* Problem *
What is needed is an exact copy of the lines in the listing below, from the one with "#3886 = EDGE_CURVE" up to and including the one with "#5821 = EDGE_CURVE", with no other lines.

* Exercise data *

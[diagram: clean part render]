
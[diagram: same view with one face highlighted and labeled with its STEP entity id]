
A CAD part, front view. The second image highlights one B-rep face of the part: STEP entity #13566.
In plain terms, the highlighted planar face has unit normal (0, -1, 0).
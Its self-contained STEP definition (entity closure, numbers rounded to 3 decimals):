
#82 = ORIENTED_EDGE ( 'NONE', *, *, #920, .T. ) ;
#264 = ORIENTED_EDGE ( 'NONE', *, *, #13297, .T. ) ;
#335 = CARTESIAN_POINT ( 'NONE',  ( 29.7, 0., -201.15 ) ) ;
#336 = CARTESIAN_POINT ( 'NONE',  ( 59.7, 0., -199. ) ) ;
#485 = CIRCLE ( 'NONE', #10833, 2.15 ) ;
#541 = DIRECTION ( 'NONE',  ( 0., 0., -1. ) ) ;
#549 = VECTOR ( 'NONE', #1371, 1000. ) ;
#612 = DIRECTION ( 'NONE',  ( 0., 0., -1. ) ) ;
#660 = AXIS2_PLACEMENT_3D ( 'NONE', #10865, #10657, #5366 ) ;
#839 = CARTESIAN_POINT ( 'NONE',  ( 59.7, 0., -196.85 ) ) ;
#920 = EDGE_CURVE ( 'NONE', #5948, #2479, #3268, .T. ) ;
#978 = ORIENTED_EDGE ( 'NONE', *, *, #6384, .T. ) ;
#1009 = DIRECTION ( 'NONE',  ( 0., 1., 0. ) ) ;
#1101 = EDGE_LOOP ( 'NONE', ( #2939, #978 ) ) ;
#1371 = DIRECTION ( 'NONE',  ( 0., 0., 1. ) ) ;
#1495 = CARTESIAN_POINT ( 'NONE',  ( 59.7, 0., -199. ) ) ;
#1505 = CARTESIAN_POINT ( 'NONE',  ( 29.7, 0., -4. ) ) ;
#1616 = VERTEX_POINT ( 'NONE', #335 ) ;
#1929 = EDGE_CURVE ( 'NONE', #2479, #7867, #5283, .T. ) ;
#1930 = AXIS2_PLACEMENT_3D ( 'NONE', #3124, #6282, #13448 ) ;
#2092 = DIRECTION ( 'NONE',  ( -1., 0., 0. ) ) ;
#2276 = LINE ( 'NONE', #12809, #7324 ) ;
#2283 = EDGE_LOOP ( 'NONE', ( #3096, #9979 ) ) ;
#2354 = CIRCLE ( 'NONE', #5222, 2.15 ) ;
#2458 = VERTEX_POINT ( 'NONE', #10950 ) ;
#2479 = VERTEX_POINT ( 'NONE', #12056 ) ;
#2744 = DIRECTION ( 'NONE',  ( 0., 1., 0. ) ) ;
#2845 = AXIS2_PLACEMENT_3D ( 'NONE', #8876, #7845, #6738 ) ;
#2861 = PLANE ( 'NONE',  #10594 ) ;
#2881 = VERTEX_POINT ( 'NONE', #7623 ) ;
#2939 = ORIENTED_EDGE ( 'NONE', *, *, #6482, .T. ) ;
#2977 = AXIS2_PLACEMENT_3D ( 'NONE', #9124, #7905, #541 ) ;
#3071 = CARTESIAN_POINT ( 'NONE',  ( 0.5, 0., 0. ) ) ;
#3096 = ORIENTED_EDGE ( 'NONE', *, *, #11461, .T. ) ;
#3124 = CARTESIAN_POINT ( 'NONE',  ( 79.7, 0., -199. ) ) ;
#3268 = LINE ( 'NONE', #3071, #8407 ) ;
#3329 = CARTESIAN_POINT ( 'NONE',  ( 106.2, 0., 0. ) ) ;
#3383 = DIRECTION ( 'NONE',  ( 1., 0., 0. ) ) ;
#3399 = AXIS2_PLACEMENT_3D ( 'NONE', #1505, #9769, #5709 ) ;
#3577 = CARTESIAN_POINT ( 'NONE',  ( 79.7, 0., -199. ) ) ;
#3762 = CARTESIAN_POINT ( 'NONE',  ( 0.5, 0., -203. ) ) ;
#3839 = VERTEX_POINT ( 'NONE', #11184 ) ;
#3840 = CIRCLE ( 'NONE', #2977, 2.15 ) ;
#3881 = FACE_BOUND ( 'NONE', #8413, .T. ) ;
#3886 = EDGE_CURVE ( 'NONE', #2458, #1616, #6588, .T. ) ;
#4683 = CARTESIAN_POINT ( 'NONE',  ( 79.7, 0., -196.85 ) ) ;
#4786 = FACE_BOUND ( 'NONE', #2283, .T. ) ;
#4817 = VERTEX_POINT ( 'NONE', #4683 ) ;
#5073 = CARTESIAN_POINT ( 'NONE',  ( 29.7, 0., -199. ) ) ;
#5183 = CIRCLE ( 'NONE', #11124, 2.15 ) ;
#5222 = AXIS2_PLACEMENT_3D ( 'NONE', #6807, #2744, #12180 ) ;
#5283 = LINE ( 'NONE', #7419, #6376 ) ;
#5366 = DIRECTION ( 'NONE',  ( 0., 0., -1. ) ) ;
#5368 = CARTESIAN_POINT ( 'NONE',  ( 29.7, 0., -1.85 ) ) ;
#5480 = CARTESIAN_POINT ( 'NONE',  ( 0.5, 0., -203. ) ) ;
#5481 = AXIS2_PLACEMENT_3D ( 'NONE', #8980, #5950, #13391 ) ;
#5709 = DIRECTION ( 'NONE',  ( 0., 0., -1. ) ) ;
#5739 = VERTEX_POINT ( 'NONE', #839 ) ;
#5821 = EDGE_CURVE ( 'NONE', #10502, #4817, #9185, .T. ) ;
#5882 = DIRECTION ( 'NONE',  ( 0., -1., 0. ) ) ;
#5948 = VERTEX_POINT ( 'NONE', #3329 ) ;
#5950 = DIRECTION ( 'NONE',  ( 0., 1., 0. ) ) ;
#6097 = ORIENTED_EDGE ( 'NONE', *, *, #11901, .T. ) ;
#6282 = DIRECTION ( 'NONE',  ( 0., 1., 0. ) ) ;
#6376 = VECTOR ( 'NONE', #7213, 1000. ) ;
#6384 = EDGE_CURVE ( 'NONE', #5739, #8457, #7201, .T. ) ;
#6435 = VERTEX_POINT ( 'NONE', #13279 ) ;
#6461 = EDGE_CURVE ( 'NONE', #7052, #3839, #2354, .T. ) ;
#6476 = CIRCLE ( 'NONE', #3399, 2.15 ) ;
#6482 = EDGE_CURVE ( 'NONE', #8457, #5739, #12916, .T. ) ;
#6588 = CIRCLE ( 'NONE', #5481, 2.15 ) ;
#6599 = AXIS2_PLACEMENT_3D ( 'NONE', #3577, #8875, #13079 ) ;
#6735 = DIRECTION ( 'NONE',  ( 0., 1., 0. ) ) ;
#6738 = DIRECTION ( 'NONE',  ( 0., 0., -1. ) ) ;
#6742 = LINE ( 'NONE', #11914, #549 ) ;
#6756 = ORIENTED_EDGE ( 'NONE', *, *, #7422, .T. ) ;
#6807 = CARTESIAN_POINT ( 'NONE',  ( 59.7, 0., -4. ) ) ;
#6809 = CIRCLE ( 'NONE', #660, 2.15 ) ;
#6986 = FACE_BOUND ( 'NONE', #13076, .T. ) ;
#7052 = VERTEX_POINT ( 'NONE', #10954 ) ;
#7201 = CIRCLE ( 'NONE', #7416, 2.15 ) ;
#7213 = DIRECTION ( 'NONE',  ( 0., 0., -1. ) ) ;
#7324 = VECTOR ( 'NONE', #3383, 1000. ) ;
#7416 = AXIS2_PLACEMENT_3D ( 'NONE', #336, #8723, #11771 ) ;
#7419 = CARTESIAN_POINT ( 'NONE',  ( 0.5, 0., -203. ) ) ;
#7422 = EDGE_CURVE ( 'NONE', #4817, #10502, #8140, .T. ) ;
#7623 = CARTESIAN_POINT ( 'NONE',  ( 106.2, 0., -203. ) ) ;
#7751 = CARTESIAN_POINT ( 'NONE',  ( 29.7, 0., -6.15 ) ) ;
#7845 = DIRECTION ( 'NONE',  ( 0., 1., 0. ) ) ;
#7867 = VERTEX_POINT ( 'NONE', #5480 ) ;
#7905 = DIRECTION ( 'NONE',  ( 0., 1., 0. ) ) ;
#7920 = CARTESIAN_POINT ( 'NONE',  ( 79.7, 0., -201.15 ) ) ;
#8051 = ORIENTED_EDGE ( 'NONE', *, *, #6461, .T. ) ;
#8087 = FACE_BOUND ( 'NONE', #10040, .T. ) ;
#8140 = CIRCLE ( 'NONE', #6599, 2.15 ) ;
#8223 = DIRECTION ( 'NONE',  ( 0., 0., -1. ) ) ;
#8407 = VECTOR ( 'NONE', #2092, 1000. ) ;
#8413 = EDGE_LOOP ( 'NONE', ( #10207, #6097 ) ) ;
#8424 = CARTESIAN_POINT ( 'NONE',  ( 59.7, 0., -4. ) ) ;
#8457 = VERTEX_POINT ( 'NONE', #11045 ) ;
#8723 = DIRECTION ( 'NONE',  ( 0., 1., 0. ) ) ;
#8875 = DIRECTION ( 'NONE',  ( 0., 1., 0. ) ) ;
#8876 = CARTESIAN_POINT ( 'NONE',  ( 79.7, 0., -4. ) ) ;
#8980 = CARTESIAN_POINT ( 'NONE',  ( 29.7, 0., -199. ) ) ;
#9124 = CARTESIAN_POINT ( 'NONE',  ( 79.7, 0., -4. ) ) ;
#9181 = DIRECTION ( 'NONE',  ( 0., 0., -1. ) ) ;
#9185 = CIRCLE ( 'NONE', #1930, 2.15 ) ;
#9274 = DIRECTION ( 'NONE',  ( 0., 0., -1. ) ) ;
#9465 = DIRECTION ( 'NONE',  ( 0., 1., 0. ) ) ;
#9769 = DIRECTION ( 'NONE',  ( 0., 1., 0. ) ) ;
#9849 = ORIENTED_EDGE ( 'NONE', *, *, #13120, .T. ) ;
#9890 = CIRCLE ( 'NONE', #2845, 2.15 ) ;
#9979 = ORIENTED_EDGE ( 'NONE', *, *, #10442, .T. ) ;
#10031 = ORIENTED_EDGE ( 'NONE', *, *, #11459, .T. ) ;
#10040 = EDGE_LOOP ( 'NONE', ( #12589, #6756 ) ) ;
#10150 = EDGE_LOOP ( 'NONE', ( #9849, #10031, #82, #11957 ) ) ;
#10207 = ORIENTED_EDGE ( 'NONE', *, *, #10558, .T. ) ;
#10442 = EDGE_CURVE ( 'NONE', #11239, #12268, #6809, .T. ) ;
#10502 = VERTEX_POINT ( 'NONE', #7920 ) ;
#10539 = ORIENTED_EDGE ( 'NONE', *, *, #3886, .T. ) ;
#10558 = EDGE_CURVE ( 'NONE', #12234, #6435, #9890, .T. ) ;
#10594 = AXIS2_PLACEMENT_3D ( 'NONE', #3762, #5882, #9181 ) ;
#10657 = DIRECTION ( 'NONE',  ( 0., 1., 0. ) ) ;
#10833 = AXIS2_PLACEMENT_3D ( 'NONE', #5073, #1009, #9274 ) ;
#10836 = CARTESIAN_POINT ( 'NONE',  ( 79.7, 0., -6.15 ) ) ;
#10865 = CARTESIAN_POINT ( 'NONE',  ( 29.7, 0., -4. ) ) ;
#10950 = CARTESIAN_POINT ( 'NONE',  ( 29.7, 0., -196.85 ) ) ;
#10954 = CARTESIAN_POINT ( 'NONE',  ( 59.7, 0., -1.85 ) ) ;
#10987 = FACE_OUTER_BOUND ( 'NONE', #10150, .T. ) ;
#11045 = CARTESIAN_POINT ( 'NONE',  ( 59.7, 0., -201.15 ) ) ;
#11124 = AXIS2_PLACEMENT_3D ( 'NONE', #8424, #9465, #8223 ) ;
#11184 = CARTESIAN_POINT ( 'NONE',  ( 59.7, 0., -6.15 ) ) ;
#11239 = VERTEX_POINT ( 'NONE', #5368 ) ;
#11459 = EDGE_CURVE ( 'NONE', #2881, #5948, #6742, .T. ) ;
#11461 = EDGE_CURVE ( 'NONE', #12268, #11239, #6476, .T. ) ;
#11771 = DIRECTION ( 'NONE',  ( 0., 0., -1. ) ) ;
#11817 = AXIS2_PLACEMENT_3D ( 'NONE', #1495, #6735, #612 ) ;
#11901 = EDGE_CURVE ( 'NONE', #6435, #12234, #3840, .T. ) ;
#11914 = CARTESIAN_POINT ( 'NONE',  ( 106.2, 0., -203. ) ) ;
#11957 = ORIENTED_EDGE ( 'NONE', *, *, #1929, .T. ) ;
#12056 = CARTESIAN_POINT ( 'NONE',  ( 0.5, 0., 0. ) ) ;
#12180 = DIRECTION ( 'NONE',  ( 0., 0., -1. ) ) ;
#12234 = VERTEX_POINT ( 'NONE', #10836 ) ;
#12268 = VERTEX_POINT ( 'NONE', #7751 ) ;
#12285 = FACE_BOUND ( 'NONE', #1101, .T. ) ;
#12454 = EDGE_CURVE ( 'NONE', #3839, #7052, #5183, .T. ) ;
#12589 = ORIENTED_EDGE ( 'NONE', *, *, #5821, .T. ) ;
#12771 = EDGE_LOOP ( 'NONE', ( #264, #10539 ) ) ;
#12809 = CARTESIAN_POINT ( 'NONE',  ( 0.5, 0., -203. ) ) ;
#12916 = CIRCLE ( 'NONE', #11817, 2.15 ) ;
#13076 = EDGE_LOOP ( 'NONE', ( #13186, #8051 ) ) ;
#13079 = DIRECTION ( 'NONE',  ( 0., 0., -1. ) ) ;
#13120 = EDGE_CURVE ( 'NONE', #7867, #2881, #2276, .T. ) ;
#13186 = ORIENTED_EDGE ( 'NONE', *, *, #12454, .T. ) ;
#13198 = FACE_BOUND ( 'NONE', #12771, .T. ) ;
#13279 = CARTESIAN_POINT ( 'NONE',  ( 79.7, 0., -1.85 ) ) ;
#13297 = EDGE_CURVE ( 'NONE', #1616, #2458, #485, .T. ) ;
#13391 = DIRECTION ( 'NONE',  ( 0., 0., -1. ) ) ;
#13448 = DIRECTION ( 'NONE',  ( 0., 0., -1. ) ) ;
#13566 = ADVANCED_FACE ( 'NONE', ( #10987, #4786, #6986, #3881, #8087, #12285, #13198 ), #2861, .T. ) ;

* Output of the exercise *
#3886 = EDGE_CURVE ( 'NONE', #2458, #1616, #6588, .T. ) ;
#4683 = CARTESIAN_POINT ( 'NONE',  ( 79.7, 0., -196.85 ) ) ;
#4786 = FACE_BOUND ( 'NONE', #2283, .T. ) ;
#4817 = VERTEX_POINT ( 'NONE', #4683 ) ;
#5073 = CARTESIAN_POINT ( 'NONE',  ( 29.7, 0., -199. ) ) ;
#5183 = CIRCLE ( 'NONE', #11124, 2.15 ) ;
#5222 = AXIS2_PLACEMENT_3D ( 'NONE', #6807, #2744, #12180 ) ;
#5283 = LINE ( 'NONE', #7419, #6376 ) ;
#5366 = DIRECTION ( 'NONE',  ( 0., 0., -1. ) ) ;
#5368 = CARTESIAN_POINT ( 'NONE',  ( 29.7, 0., -1.85 ) ) ;
#5480 = CARTESIAN_POINT ( 'NONE',  ( 0.5, 0., -203. ) ) ;
#5481 = AXIS2_PLACEMENT_3D ( 'NONE', #8980, #5950, #13391 ) ;
#5709 = DIRECTION ( 'NONE',  ( 0., 0., -1. ) ) ;
#5739 = VERTEX_POINT ( 'NONE', #839 ) ;
#5821 = EDGE_CURVE ( 'NONE', #10502, #4817, #9185, .T. ) ;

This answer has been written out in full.